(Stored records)
◇ ◇ ◇ ◇ ◇

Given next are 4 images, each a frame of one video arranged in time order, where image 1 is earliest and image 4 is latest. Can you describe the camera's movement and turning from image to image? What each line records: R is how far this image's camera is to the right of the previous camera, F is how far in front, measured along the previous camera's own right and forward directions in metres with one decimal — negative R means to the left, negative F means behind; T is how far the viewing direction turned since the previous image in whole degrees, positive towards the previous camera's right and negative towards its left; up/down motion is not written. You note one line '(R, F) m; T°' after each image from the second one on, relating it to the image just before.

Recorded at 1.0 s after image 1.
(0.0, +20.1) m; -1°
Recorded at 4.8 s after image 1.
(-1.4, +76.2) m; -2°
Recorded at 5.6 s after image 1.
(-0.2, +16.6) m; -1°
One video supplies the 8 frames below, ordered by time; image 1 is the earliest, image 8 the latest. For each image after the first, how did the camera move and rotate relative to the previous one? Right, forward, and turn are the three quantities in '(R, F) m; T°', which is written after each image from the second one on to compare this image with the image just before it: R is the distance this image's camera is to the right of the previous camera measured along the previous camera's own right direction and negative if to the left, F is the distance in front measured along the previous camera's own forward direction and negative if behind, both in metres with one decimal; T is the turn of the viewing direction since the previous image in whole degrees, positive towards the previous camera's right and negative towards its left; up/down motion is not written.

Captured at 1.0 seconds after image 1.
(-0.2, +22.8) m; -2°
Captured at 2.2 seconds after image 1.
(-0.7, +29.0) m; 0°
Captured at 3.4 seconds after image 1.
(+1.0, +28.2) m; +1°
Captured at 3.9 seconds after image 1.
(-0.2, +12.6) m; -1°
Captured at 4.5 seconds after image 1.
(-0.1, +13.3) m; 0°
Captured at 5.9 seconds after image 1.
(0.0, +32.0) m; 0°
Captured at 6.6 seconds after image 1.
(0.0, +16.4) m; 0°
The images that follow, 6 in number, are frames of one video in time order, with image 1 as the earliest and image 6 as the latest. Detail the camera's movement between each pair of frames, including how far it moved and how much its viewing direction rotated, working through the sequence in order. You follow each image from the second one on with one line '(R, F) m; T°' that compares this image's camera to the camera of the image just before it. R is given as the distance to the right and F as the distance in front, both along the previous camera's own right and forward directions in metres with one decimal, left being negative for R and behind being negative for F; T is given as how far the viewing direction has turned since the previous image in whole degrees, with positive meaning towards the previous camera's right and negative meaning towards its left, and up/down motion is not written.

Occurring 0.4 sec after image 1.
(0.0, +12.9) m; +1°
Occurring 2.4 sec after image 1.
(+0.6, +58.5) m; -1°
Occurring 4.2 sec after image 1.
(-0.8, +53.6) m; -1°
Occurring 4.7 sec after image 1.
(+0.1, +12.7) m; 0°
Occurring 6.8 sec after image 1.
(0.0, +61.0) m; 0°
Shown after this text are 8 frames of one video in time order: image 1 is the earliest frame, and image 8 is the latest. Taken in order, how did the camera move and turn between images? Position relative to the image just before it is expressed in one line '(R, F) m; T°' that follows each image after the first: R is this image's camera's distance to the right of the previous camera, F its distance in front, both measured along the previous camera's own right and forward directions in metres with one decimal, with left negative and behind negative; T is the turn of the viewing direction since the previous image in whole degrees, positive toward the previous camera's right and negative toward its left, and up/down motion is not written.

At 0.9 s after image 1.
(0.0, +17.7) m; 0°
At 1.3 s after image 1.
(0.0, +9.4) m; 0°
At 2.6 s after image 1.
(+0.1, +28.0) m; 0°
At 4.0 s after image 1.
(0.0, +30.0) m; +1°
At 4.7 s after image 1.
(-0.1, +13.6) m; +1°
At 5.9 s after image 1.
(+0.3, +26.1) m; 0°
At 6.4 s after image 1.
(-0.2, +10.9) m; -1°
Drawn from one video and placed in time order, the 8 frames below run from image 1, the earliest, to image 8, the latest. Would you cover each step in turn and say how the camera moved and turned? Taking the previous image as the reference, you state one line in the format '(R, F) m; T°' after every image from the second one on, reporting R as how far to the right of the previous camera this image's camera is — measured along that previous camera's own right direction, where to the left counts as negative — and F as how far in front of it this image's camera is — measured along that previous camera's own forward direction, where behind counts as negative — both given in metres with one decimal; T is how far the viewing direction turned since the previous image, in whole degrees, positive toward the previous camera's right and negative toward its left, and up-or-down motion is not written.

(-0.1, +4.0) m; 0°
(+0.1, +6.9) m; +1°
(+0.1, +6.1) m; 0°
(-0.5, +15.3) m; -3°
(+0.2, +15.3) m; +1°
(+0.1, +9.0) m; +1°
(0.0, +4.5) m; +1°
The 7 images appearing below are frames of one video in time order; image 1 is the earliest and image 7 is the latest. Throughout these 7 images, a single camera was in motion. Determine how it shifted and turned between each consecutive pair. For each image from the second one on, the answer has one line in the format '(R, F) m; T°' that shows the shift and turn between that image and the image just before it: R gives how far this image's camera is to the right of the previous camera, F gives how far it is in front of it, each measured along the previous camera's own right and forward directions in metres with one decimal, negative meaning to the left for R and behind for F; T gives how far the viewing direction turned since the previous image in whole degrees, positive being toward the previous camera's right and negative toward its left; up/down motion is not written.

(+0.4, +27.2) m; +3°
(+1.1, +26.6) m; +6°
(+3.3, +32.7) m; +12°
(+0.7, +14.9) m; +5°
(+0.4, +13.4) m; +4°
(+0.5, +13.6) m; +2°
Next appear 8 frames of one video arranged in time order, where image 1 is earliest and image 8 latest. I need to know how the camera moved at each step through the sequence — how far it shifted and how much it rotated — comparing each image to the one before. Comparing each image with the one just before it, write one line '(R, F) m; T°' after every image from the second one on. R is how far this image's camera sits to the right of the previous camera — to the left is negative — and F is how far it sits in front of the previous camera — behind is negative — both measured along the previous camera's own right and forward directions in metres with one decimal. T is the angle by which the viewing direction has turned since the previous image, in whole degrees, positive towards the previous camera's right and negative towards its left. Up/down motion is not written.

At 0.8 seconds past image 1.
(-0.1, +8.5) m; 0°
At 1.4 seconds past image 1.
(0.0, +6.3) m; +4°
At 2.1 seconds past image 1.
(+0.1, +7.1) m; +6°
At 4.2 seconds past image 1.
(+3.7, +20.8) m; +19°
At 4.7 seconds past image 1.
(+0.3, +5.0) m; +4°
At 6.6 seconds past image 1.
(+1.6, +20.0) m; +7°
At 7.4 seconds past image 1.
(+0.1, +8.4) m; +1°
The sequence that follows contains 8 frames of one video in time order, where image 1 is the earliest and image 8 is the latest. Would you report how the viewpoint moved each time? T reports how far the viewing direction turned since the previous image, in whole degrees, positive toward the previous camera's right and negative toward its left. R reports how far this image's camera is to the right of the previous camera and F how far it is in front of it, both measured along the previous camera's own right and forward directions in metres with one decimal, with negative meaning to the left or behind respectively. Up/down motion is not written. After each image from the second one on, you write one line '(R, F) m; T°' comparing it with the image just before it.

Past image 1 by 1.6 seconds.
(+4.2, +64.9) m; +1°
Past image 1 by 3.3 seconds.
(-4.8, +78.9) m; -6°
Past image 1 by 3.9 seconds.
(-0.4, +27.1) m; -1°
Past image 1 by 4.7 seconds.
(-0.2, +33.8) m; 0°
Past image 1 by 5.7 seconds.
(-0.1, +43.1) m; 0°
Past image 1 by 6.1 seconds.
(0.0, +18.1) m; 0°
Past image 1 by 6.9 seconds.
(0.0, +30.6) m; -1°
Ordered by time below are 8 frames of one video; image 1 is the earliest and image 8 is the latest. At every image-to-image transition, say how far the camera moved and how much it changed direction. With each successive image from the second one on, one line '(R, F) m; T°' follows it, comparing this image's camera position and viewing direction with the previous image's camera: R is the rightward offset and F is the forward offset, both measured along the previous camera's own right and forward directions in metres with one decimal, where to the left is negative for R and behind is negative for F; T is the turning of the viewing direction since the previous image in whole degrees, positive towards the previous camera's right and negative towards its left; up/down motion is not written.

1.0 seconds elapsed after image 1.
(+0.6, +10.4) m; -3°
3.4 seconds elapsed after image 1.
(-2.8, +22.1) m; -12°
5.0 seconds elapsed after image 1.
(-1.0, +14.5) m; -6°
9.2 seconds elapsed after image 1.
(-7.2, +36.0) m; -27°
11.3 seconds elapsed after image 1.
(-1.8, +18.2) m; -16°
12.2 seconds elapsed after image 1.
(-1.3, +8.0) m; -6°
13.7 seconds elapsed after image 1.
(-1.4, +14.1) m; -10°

◇ ◇ ◇ ◇ ◇

#### Problem to work on
Copy the lines above exactly, beginning at the line that has "Captured at 3.4 seconds after image 1." and stopping after the line that has "The images that", and omit the rest.

#### Your solution
Captured at 3.4 seconds after image 1.
(+1.0, +28.2) m; +1°
Captured at 3.9 seconds after image 1.
(-0.2, +12.6) m; -1°
Captured at 4.5 seconds after image 1.
(-0.1, +13.3) m; 0°
Captured at 5.9 seconds after image 1.
(0.0, +32.0) m; 0°
Captured at 6.6 seconds after image 1.
(0.0, +16.4) m; 0°
The images that follow, 6 in number, are frames of one video in time order, with image 1 as the earliest and image 6 as the latest. Detail the camera's movement between each pair of frames, including how far it moved and how much its viewing direction rotated, working through the sequence in order. You follow each image from the second one on with one line '(R, F) m; T°' that compares this image's camera to the camera of the image just before it. R is given as the distance to the right and F as the distance in front, both along the previous camera's own right and forward directions in metres with one decimal, left being negative for R and behind being negative for F; T is given as how far the viewing direction has turned since the previous image in whole degrees, with positive meaning towards the previous camera's right and negative meaning towards its left, and up/down motion is not written.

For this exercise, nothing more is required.